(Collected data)
[Start of section]

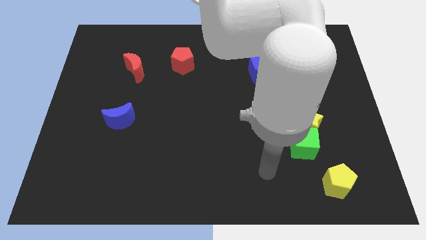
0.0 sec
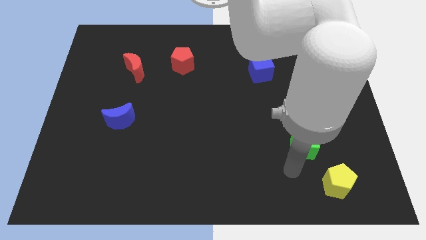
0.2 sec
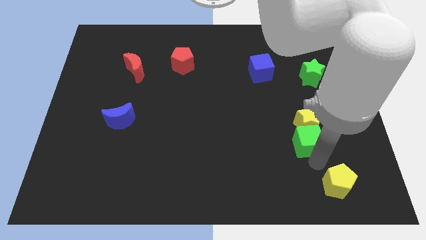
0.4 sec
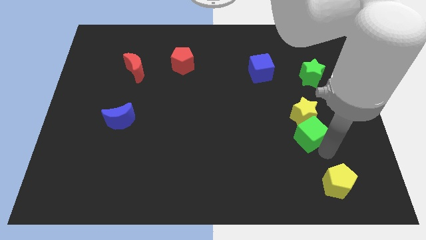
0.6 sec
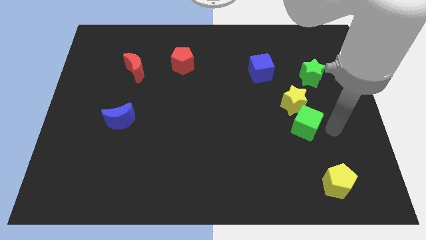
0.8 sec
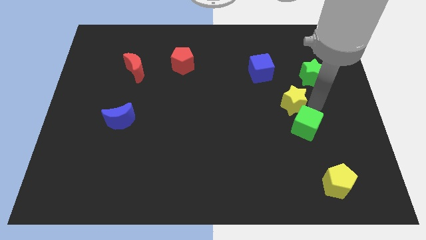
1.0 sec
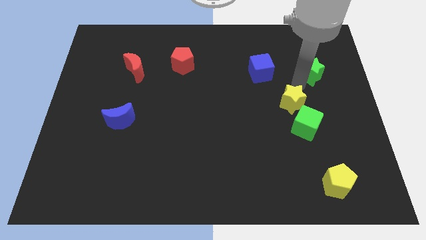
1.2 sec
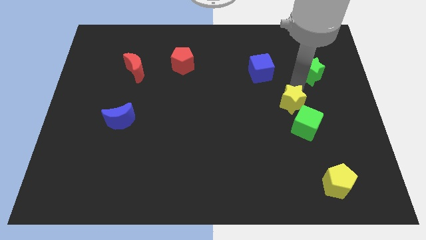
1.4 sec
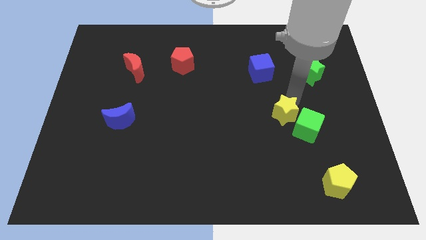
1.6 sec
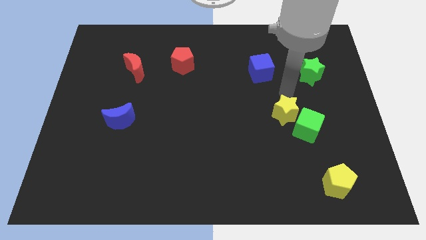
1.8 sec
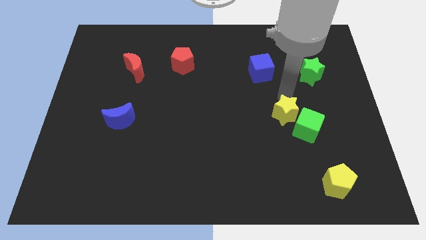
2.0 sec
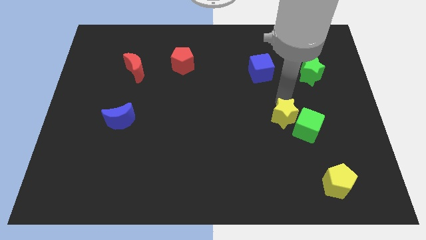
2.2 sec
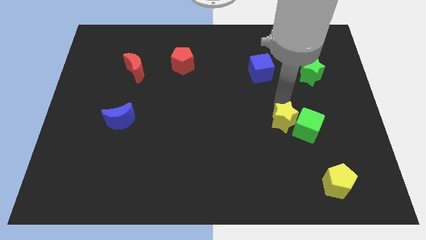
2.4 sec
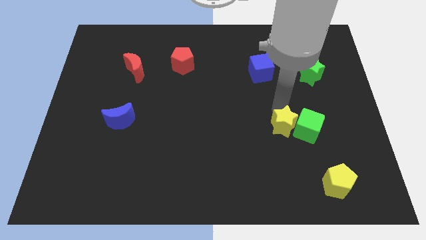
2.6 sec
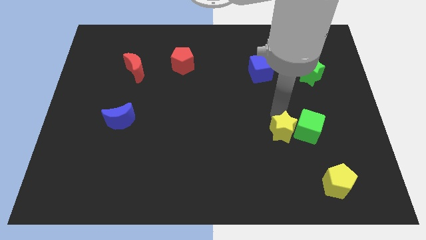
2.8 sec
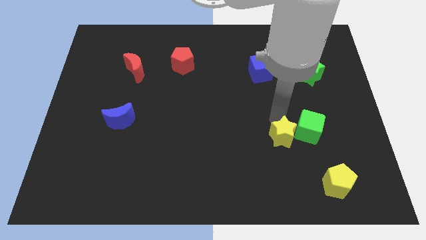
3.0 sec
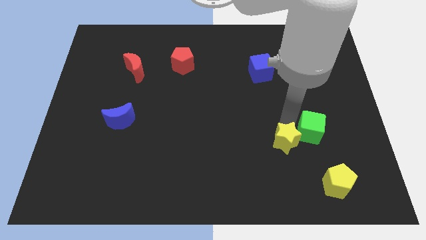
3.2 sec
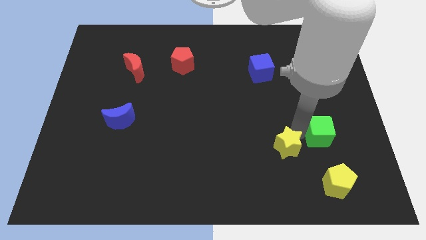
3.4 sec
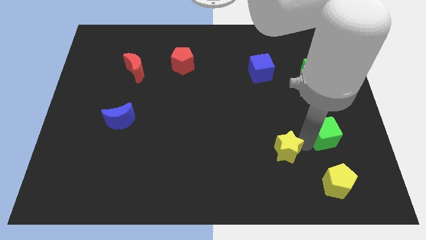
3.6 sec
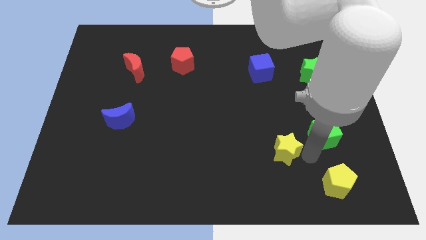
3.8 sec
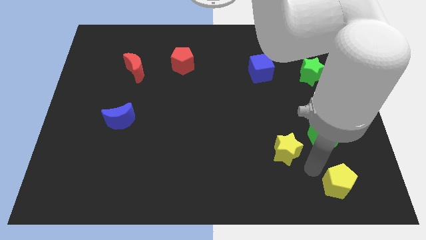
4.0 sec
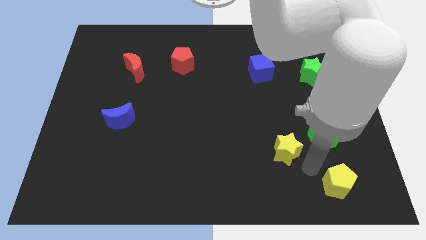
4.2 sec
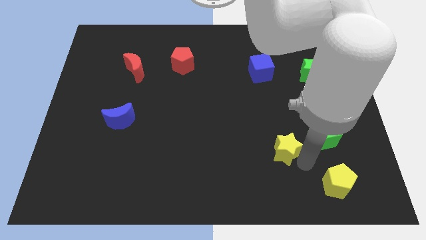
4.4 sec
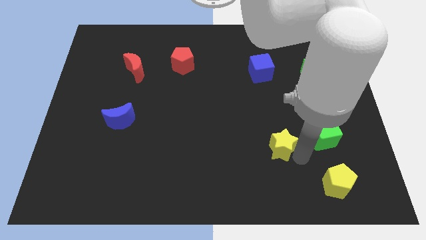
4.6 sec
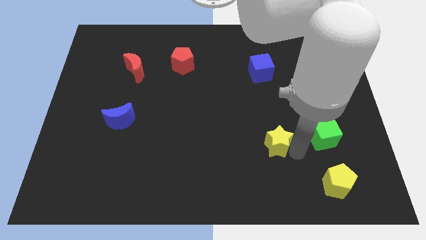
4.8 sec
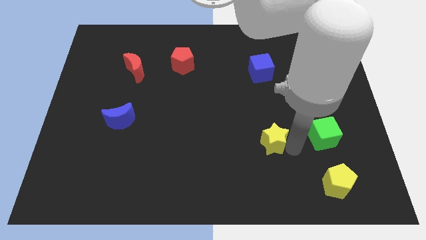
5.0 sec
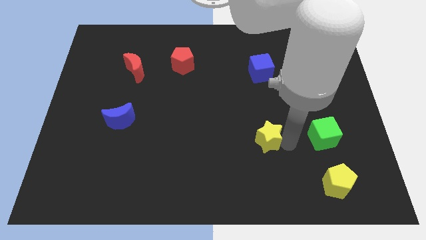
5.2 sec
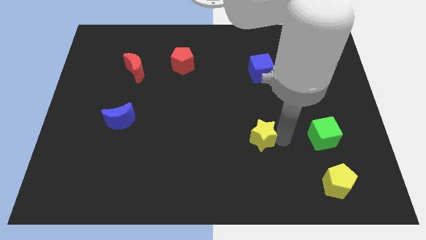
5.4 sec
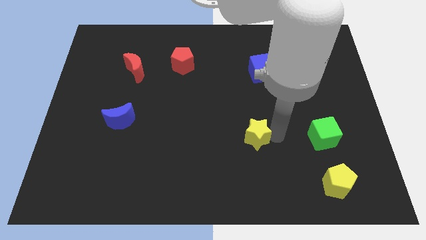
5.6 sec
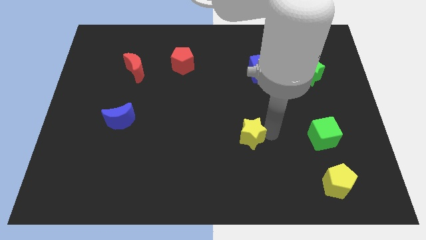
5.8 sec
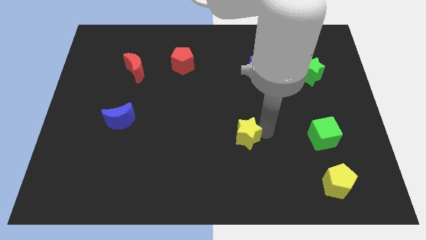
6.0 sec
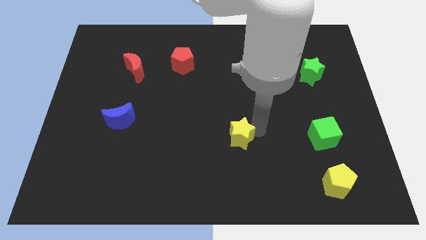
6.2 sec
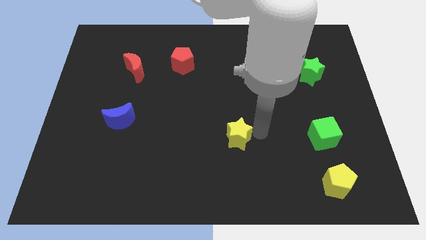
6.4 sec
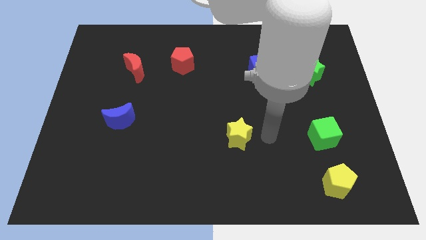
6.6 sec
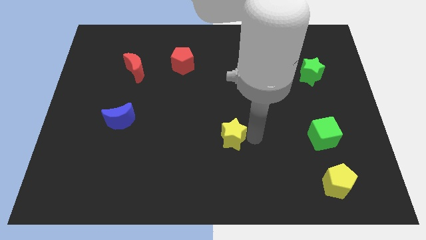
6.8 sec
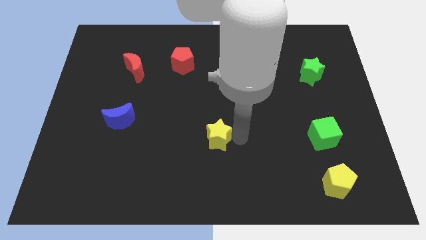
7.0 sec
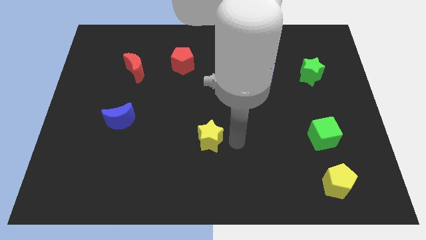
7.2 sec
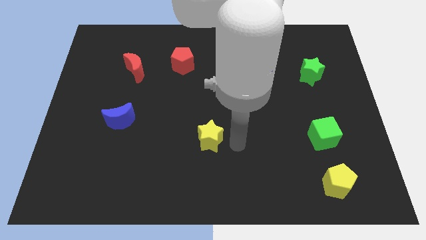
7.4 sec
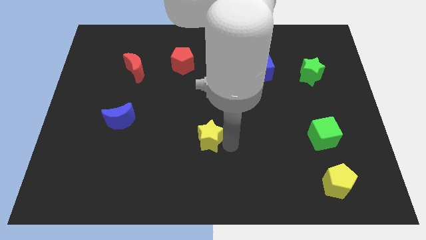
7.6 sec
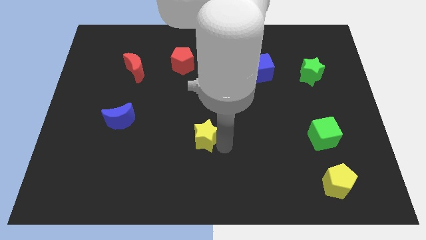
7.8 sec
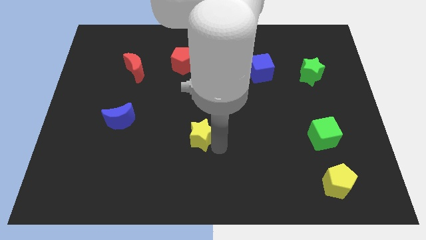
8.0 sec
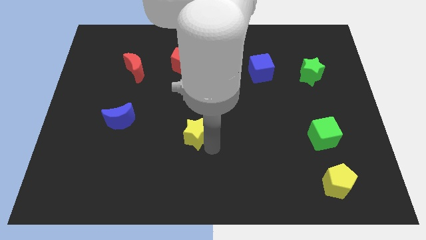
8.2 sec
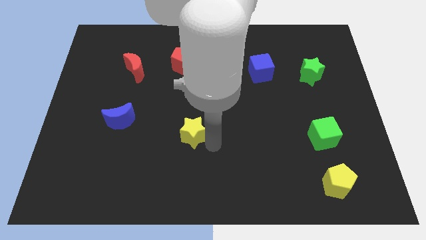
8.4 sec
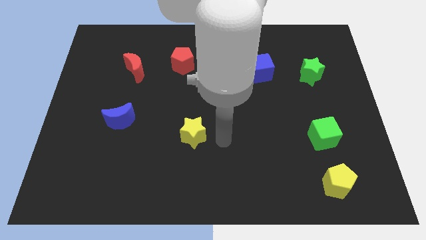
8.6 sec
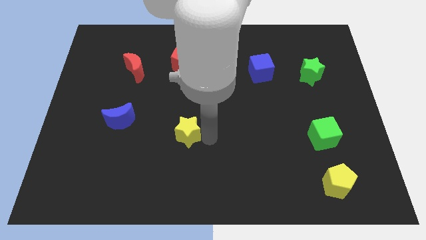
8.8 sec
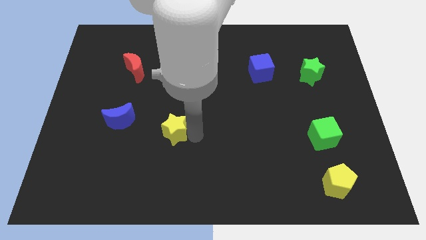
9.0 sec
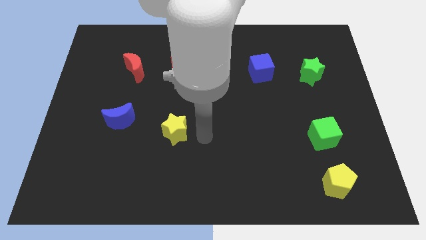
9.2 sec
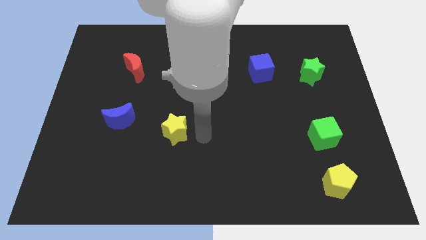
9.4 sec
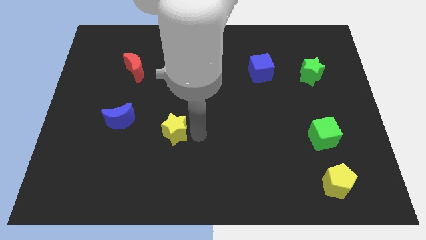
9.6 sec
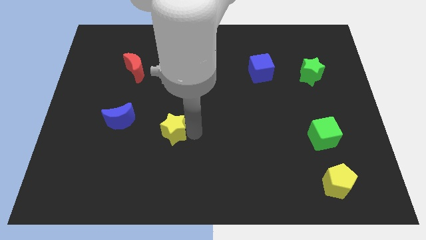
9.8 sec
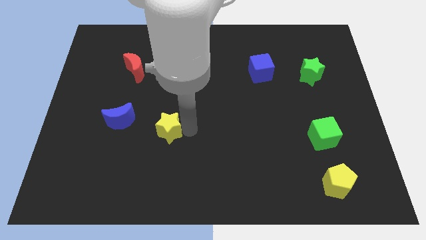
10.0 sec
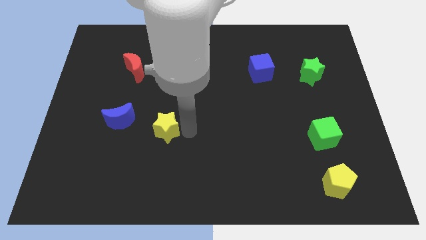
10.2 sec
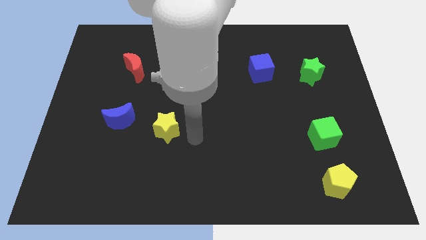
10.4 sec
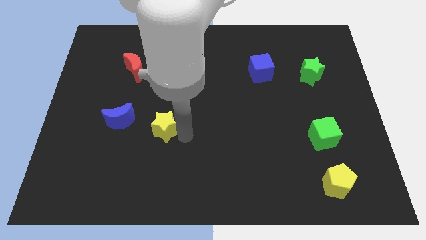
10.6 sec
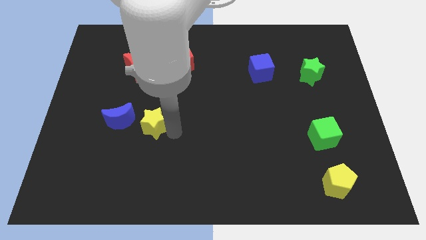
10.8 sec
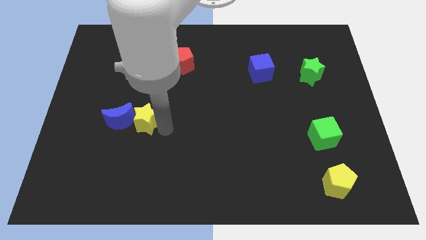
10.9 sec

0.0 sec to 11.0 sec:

[End of section]

*WORK INSTRUCTION*.
Pictures stay out; the records above are otherwise reproduced exactly.

*ANSWER AREA*.
0.0 sec
0.2 sec
0.4 sec
0.6 sec
0.8 sec
1.0 sec
1.2 sec
1.4 sec
1.6 sec
1.8 sec
2.0 sec
2.2 sec
2.4 sec
2.6 sec
2.8 sec
3.0 sec
3.2 sec
3.4 sec
3.6 sec
3.8 sec
4.0 sec
4.2 sec
4.4 sec
4.6 sec
4.8 sec
5.0 sec
5.2 sec
5.4 sec
5.6 sec
5.8 sec
6.0 sec
6.2 sec
6.4 sec
6.6 sec
6.8 sec
7.0 sec
7.2 sec
7.4 sec
7.6 sec
7.8 sec
8.0 sec
8.2 sec
8.4 sec
8.6 sec
8.8 sec
9.0 sec
9.2 sec
9.4 sec
9.6 sec
9.8 sec
10.0 sec
10.2 sec
10.4 sec
10.6 sec
10.8 sec
10.9 sec

0.0 sec to 11.0 sec:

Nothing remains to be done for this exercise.